Oracle optimizer for SQL statement performance Adjustment

Source: Internet
Author: User

[It168 technical documentation]

The optimizer is also called the query optimizer, because query is the most important part that affects database performance. Do not think that only select statements are queries. In fact, DML (insert, update, and delete) Statements with any where conditions contain query requirements. In subsequent articles, when it comes to queries, it is not necessarily a SELECT statement, it may also be the query part of the DML statement. Optimizer is one of the most mysterious and challenging components of all relational database engines. It is also the most important component in terms of performance. Its performance is directly related to the performance of the database.

We know that SQL statements are different from statements in other languages (such as C). They are non-procedural (non-procedural) statements, that is, when you want to obtain data, you do not need to tell the database how to retrieve data. For example, whether to retrieve data through an index or whether to retrieve each row of data in the table, data is then retrieved through a one-to-one comparison (full table scan), which is determined by the database optimizer. This is the meaning of non-procedural, that is, data retrieval is determined by the optimizer, rather than by programming. When processing SQL select, update, insert, or delete statements, Oracle must access the data involved in the statement. The Oracle optimizer is used to determine the valid data access path, minimum I/O and processing time required for statement execution.
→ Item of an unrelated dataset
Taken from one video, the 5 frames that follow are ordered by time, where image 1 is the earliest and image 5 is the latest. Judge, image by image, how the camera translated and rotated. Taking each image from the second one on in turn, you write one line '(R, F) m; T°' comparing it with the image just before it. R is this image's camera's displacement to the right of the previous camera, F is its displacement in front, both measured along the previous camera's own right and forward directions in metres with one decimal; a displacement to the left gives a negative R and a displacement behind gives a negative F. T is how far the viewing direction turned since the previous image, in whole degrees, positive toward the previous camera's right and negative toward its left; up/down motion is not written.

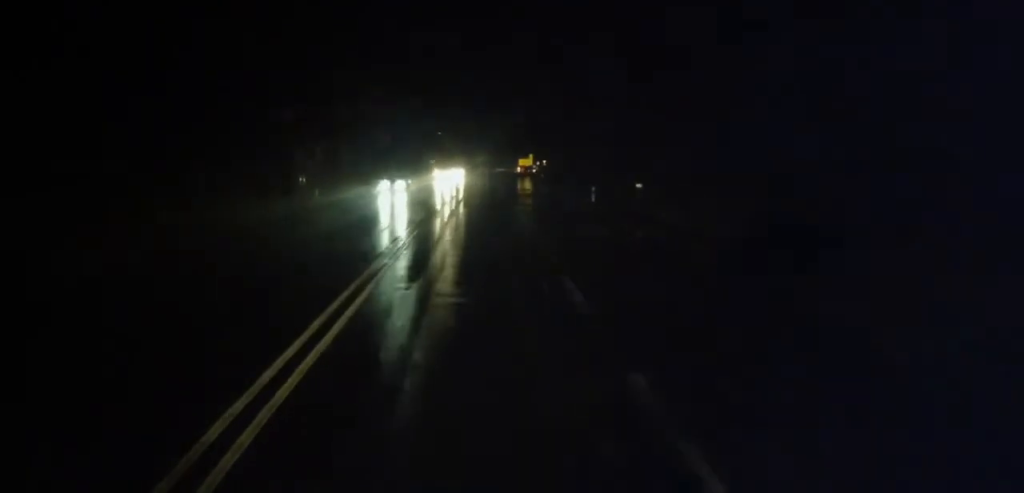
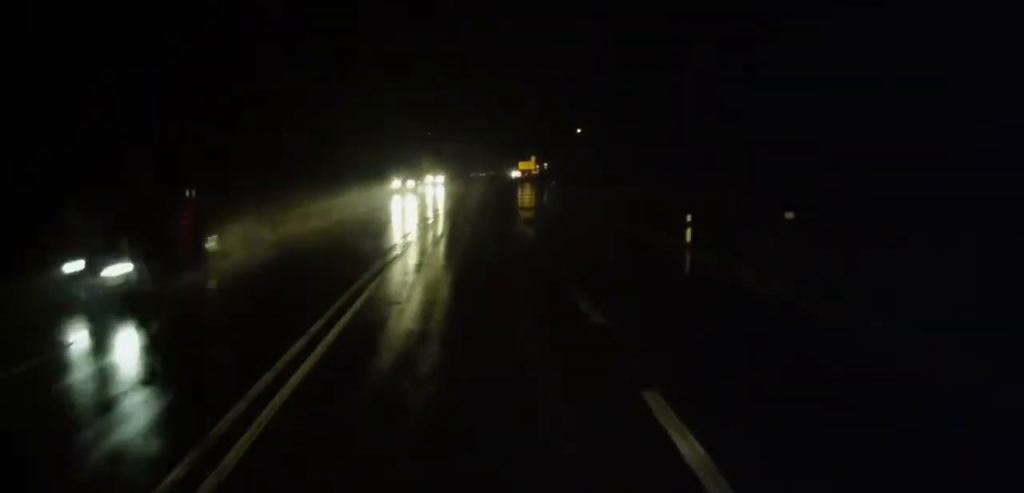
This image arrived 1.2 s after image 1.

To implement a query, the kernel must customize a query policy for each query, or generate an execution plan for retrieving Qualified Data ). Typically, for the same query, several execution plans may meet the requirements to obtain qualified data. For example, tables that participate in the connection can have different connection methods, depending on the connection conditions and the connection methods used by the optimizer. To select the optimal execution plan among multiple execution plans, the optimizer must use some actual indicators to measure the resources used by each Execution Plan (I/0 times, CPU, etc ), these resources are what we call the cost (cost ). If an execution plan uses a large amount of resources, it is costly to use the execution plan. The optimizer selects the execution plan with the smallest cost as the execution plan that actually executes the query, and discards other execution plans.
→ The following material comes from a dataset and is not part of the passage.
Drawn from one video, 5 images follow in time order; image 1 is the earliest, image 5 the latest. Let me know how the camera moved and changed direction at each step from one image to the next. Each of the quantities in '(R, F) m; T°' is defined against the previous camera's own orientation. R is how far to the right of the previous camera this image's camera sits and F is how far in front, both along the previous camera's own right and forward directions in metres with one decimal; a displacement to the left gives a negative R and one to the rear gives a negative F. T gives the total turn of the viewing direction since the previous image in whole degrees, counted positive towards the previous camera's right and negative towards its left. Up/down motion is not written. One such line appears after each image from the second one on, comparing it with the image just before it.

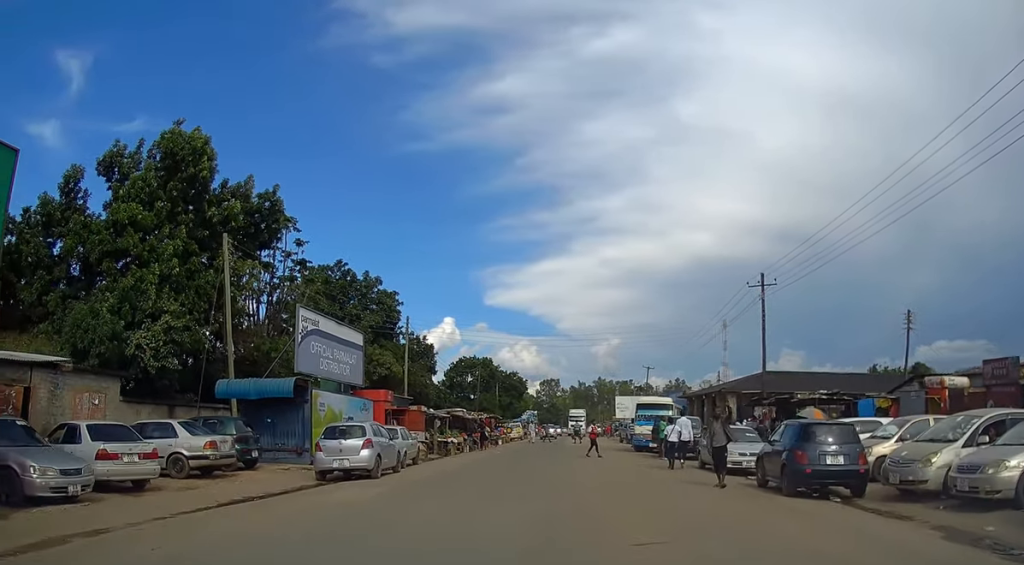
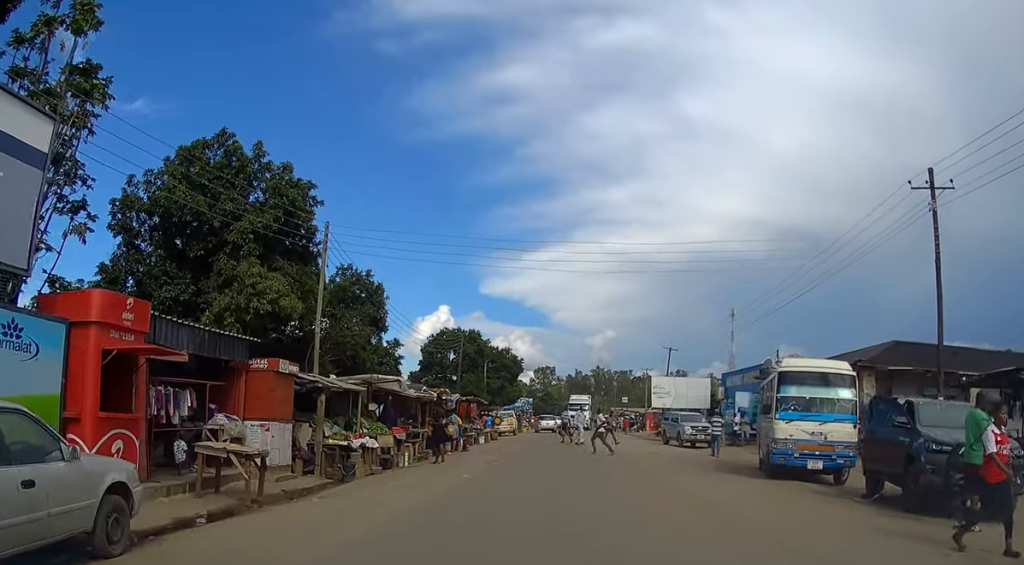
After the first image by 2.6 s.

During the development of Oracle, two types of optimizer were developed: Rule-Based optimizer and cost-based optimizer. The key difference between the two optimizers is that the method for obtaining the cost is different from the method for measuring the cost. The following is a brief introduction to each optimizer:

  Rule-based optimization (RBO ):

Before oracle7, we mainly used a rule-based optimizer. Oracle uses heuristic methods (heuristic approach) or rules (Rules) in the rule-based optimizer to generate execution plans. For example, if the WHERE clause of a query contains a predicate, it is actually a judgment condition, such as "=", ">", "<", and so on ), if the referenced column on the predicate has a valid index, the optimizer will use the index to access the table without considering other factors, such as the amount of data in a table, the variability of data in a table, and the selectivity of indexes. At this time, the database does not have a statistical description of the table and index data, for example, the table has multiple upstream, and each row is optional. The optimizer does not consider instance parameters, such as multi block I/O and the size of available sorting memory. Therefore, the optimizer sometimes chooses the next optimization plan as the real execution plan, this causes low system performance.

For example

Select * from EMP where deptno = 10;

For this query, if a rule-based optimizer is used and the deptno column has a valid index, the index on the deptno column is used to access the EMP table. In most cases, this is relatively efficient, but in some special cases, index access is also inefficient. The following example shows:

1) The EMP table is relatively small, and the data of this table is only stored in several data blocks. In this case, full table scan is better than accessing EMP tables using indexes. Because the table is small, it is very likely that the data is in the memory, so full table scan is the fastest. If you use index scanning, You need to first find the rowid that meets the condition record from the index, and then extract the data from EMP one by one based on the rowid. Under this condition, the efficiency is less efficient than the full table scan.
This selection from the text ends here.